Build resilient systems at scale
May 27–29, 2015 • Santa Clara, CA

Scaling ingest pipelines with high performance computing principles

Rajiv Kurian (SignalFx)
5:05pm–5:45pm Friday, 05/29/2015
Location: Mission City M1-2
Average rating: *****
(5.00, 2 ratings)
Slides:   1-PDF    external link

Prerequisite Knowledge

A very basic understanding of how modern hardware works, e.g. for cache hierarchy. Familiarity with basic data structures like hash maps and arrays. All prerequisites will be covered, though, so it mostly requires an interest in making software go fast.

Description

At SignalFx, we deal with high-volume high-resolution data from our users. This requires a high performance ingest pipeline. Over time we’ve found that we needed to adapt architectural principles from specialized fields such as HPC to get beyond performance plateaus encountered with more generic approaches.

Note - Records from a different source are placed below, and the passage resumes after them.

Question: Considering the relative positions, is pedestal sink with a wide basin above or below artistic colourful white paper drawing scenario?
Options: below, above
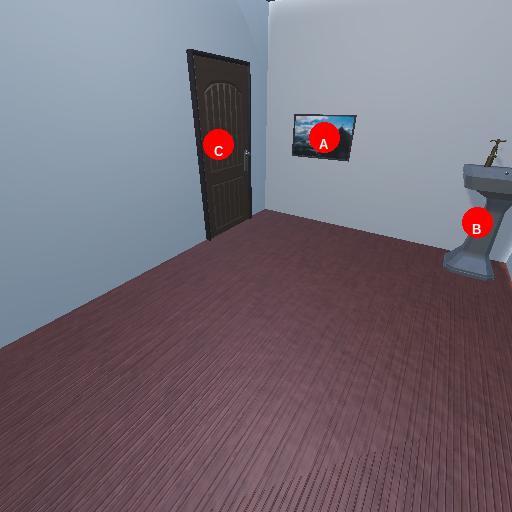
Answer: below
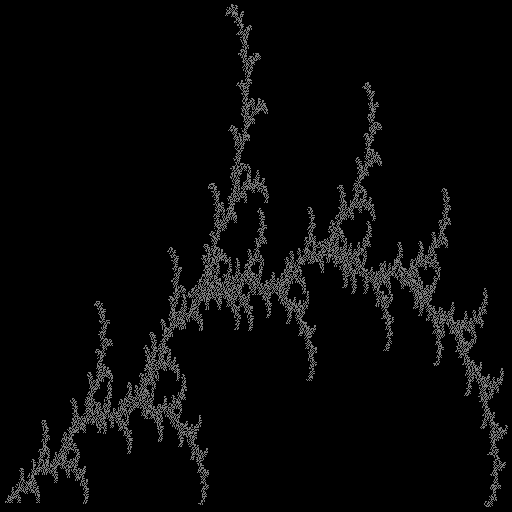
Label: branch
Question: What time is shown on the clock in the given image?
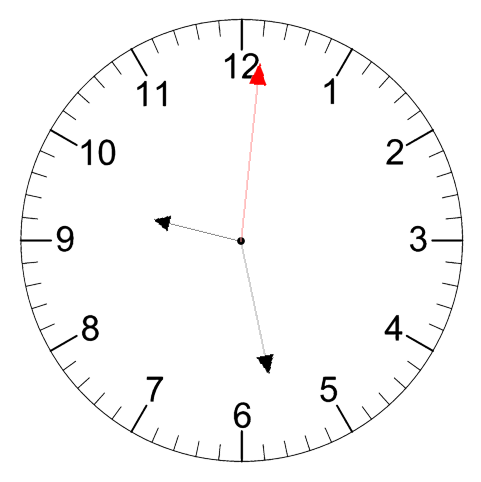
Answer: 09:28:01
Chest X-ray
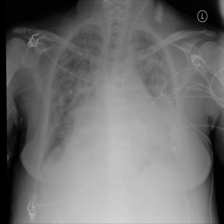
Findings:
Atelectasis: negative
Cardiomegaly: positive
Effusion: negative
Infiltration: negative
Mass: negative
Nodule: negative
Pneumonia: negative
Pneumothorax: negative
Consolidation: negative
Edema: positive
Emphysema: negative
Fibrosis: negative
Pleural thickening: negative
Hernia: negative
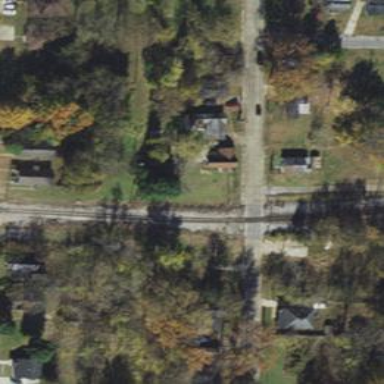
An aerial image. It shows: Railway level crossing.
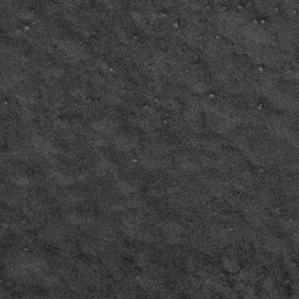
Label: frost
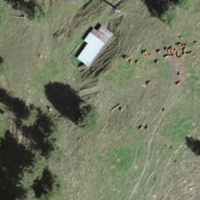
EUNIS habitat code: 32
Species observed at this site:
Rumex alpinus
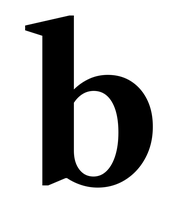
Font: LibreCaslonText_Bold
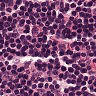
Metastatic tissue present: no
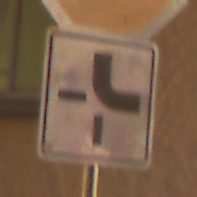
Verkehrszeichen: VerlaufVorfahrtsstrasse4
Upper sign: Stop
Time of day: Night
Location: Outdoor (Urban)
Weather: Clear
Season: NotSpecified
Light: Artificial
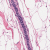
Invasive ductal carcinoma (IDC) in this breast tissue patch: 0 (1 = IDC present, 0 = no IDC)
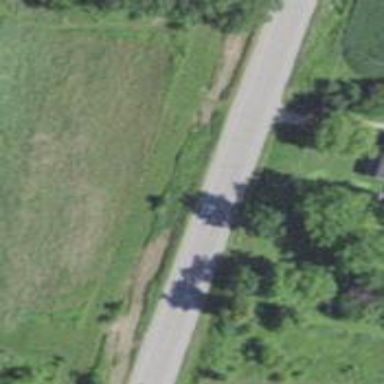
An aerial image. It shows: Secondary road.
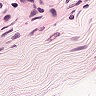
Metastatic tissue present: yes
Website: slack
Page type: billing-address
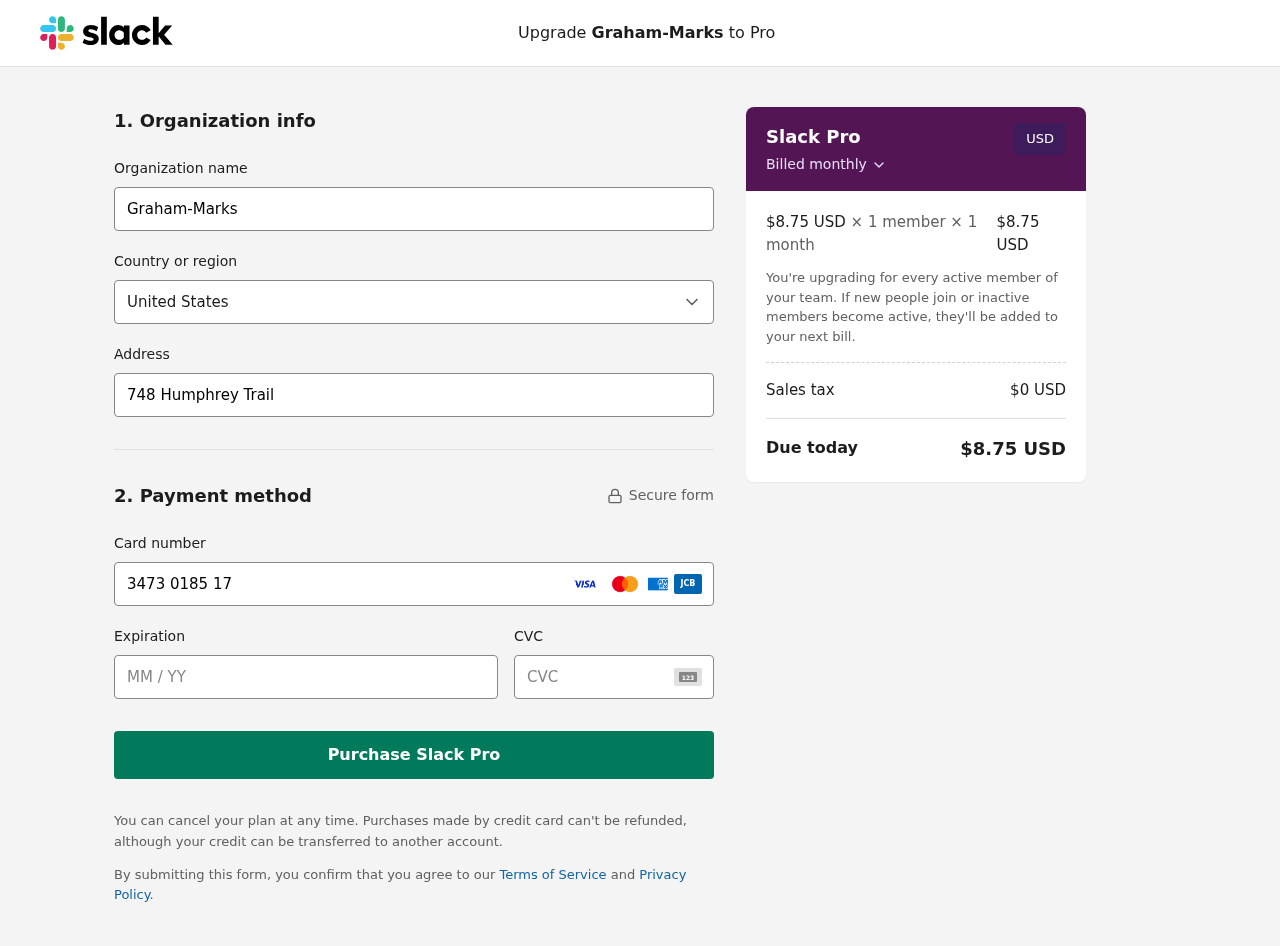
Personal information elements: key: PII_CARD_CVV
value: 8483
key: PII_CARD_EXPIRY
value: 05/27
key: PII_CARD_NUMBER
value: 3473 0185 1702 559
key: PII_COMPANY
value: Graham-Marks
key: PII_COUNTRY
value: United States
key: PII_STREET
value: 748 Humphrey Trail
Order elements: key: ORDER_PRICE_PER_MEMBER
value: $8.75 USD
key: ORDER_MEMBER_COUNT
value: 1
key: ORDER_MONTH_COUNT
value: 1
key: ORDER_SUBTOTAL
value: $8.75 USD
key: ORDER_TAX
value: $0
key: ORDER_TOTAL
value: $8.75 USD
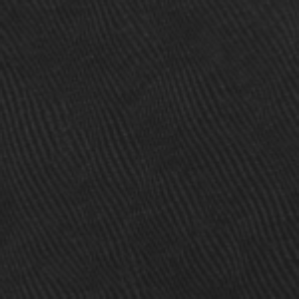
Label: frost
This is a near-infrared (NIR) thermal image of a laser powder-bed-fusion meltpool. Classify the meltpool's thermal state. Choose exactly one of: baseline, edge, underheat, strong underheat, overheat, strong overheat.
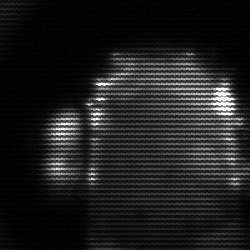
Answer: baseline
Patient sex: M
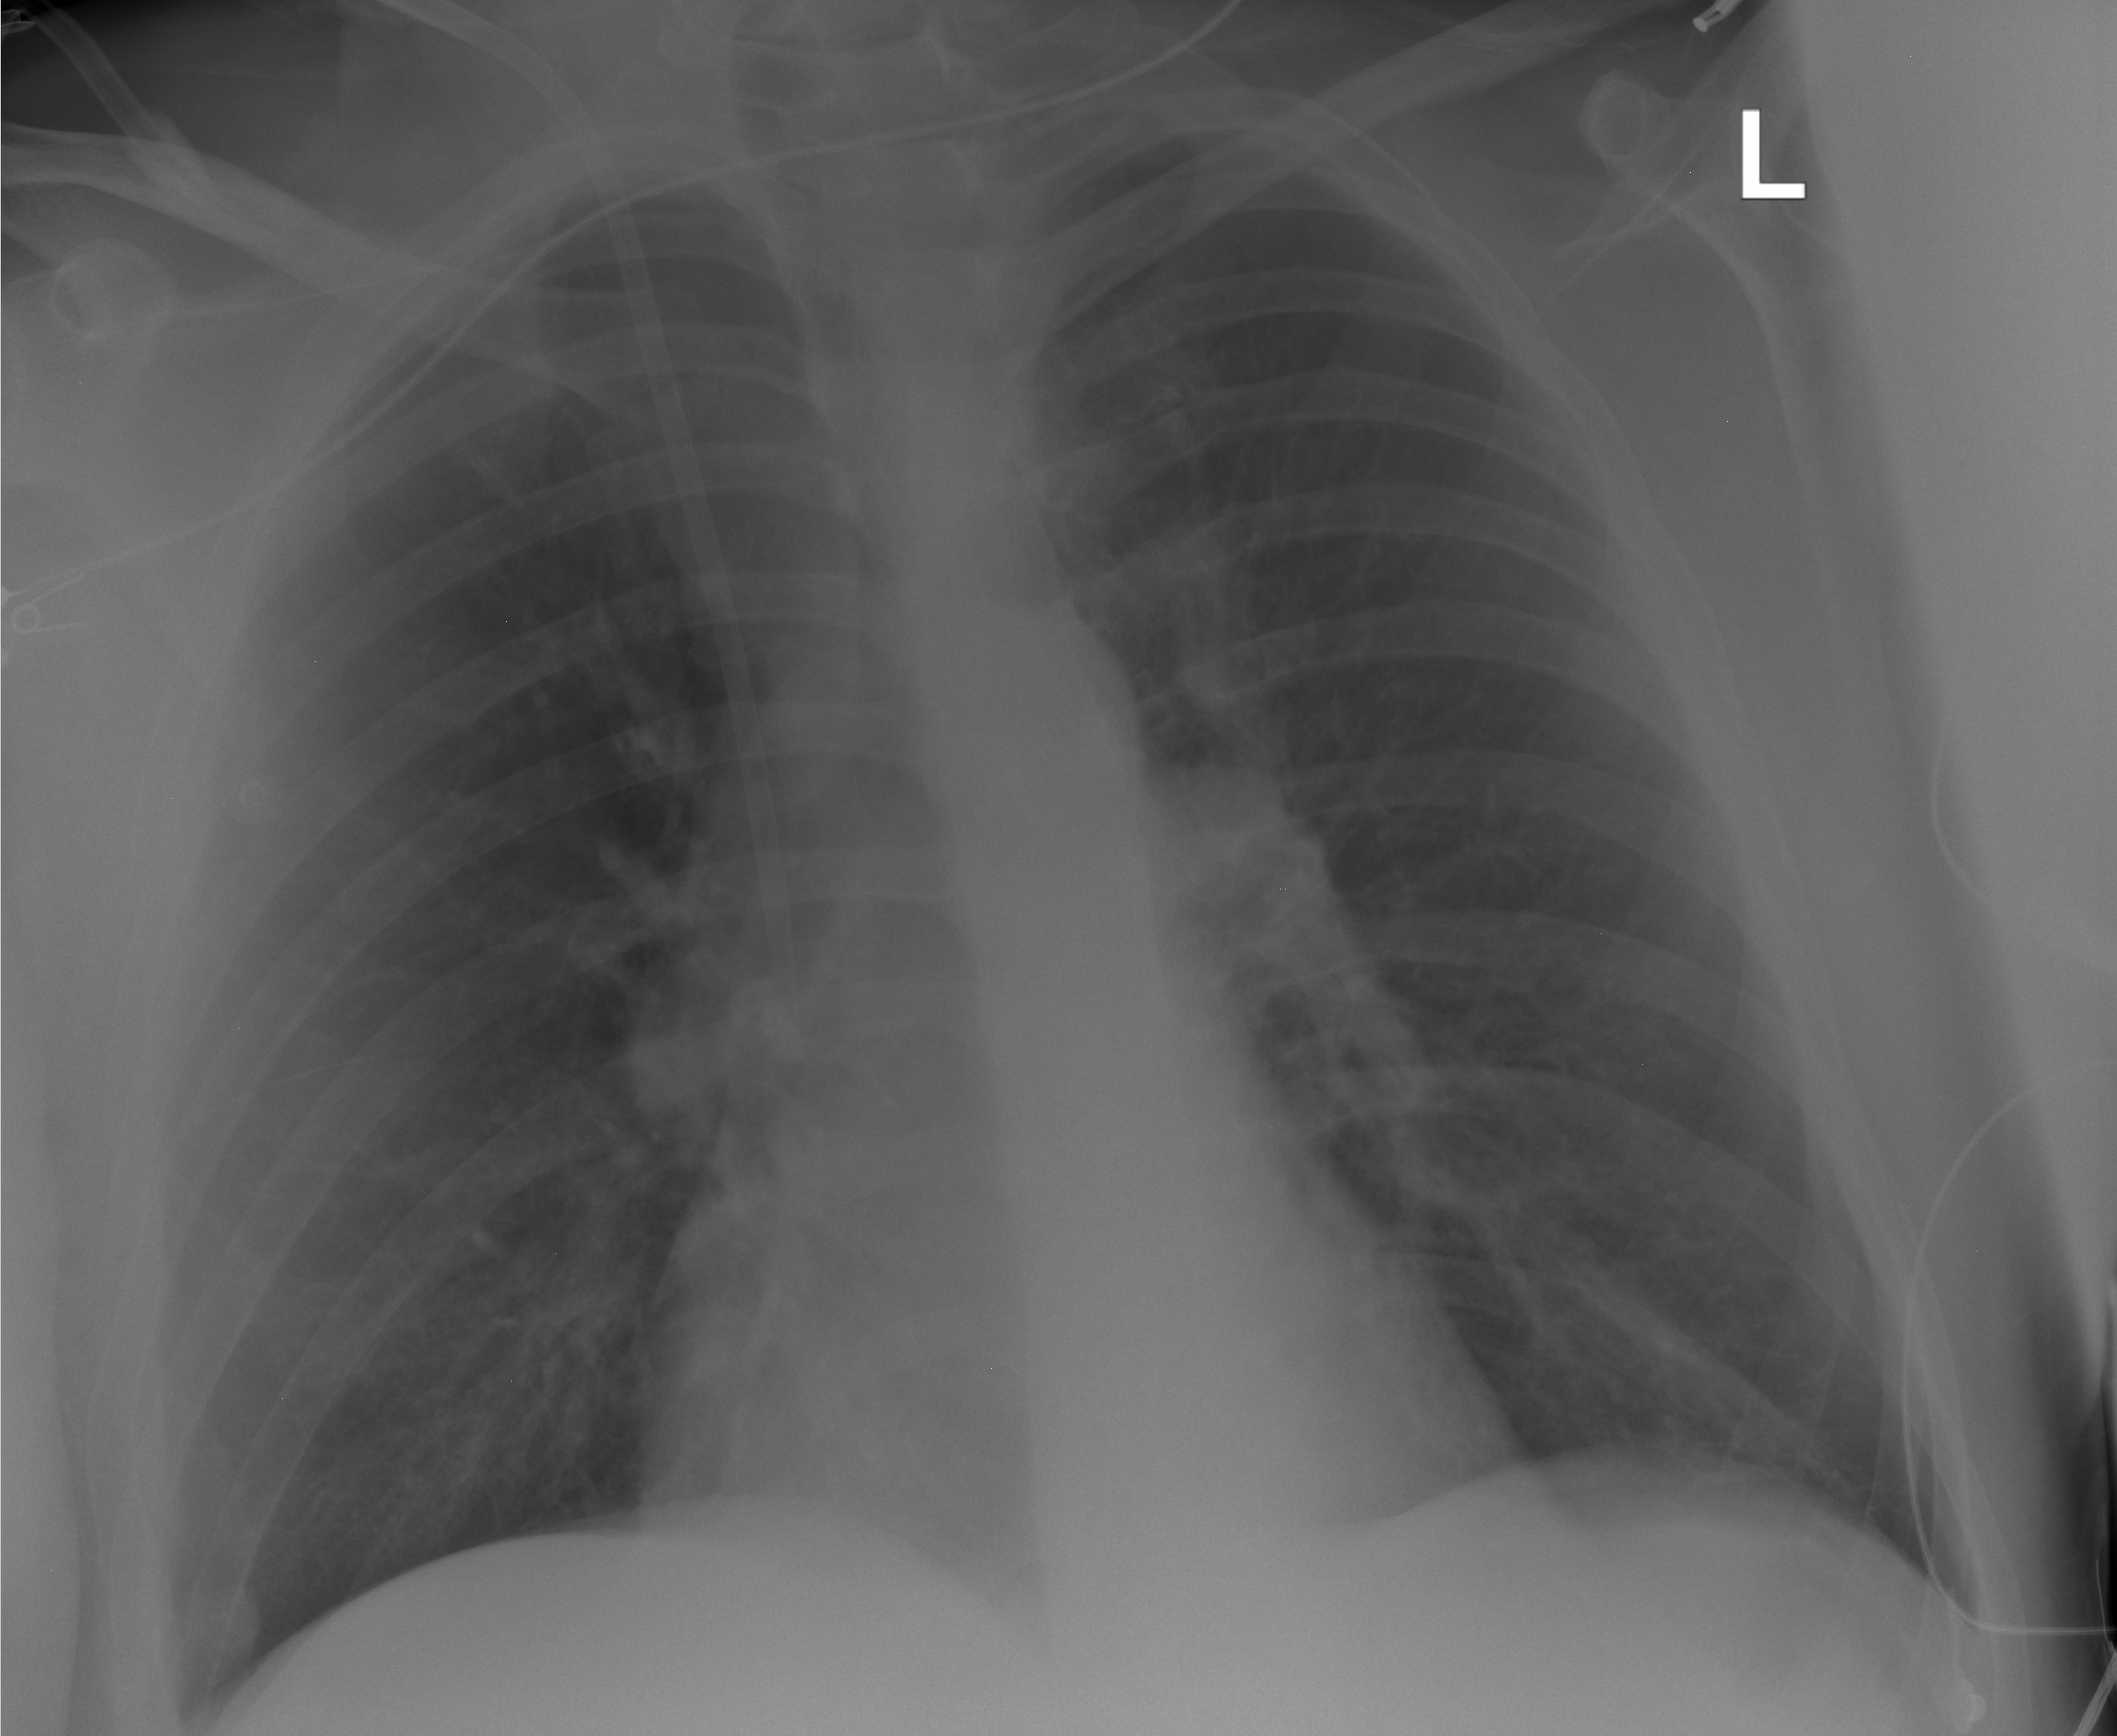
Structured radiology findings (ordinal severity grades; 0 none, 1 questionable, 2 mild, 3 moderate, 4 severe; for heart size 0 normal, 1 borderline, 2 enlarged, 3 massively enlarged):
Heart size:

Some key examples include:

  • Write very simple single threaded code, instead of complex algorithms
  • Parallelize by running multiple copies of simple single threaded code, instead of using concurrent algorithms
  • Separate the data plane from the control plane, instead of slowing data for control
  • Write compact, array-based data structures with minimal indirection, instead of pointer-based data structures and uncontrolled allocation

This presentation will provide examples of putting these principles into practice and the before/after results we’ve experienced in the performance of our own services. We believe these lessons will be useful to anyone building services that have to consume large amounts of data. :) Which is probably everyone.

Rajiv Kurian

SignalFx

Rajiv Kurian is a software engineer with over five years experience building high performance distributed systems like databases, networking protocols and image processing. At SignalFx, Rajiv works on improving the performance of the ingest pipeline.